Without including any image, retype the records word for word.

Records from a dataset
┌──
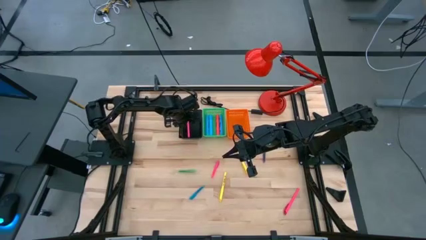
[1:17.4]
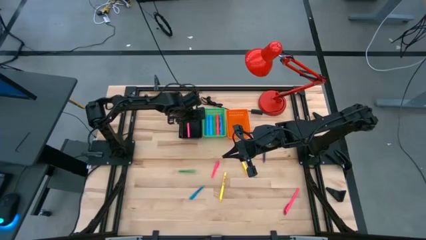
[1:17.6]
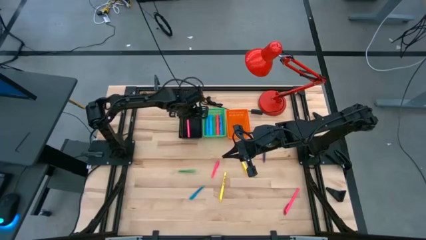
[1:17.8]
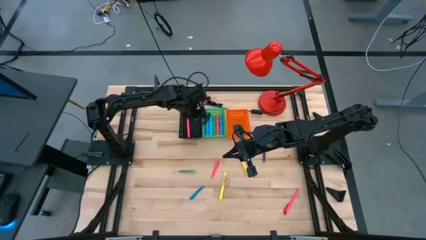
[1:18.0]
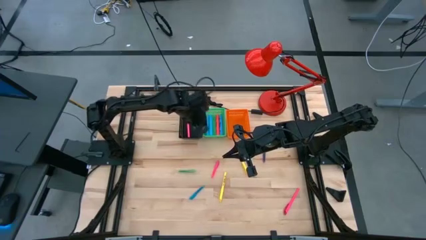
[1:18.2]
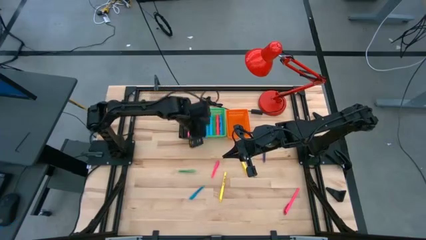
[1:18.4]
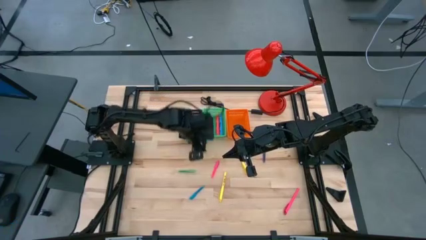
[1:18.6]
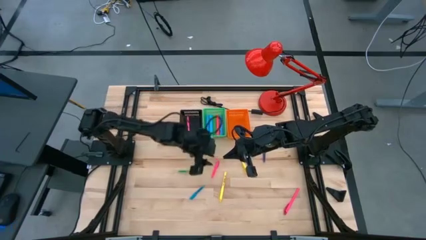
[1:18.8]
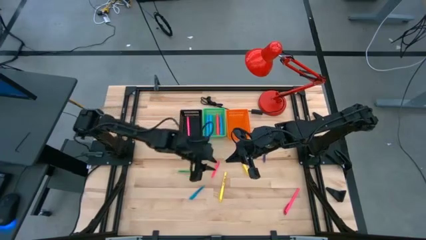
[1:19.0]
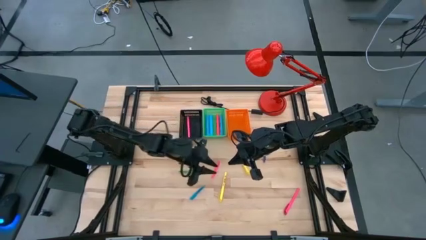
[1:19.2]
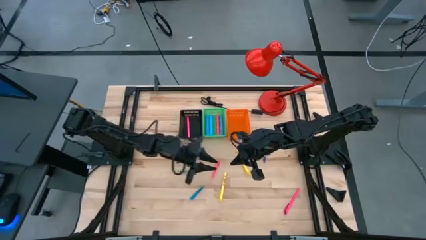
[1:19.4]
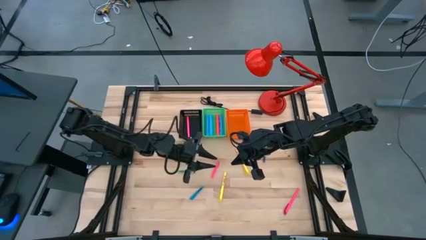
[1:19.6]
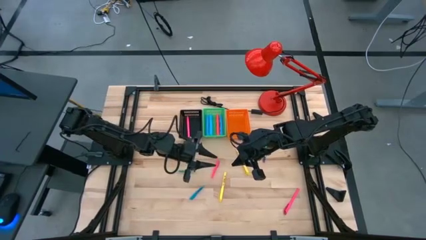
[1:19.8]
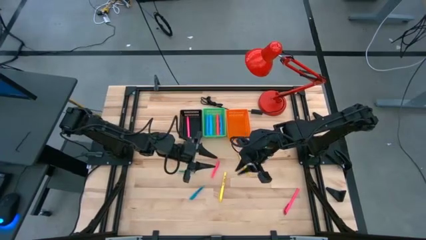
└──
_YOUR SOLUTION:_
[1:17.4]
[1:17.6]
[1:17.8]
[1:18.0]
[1:18.2]
[1:18.4]
[1:18.6]
[1:18.8]
[1:19.0]
[1:19.2]
[1:19.4]
[1:19.6]
[1:19.8]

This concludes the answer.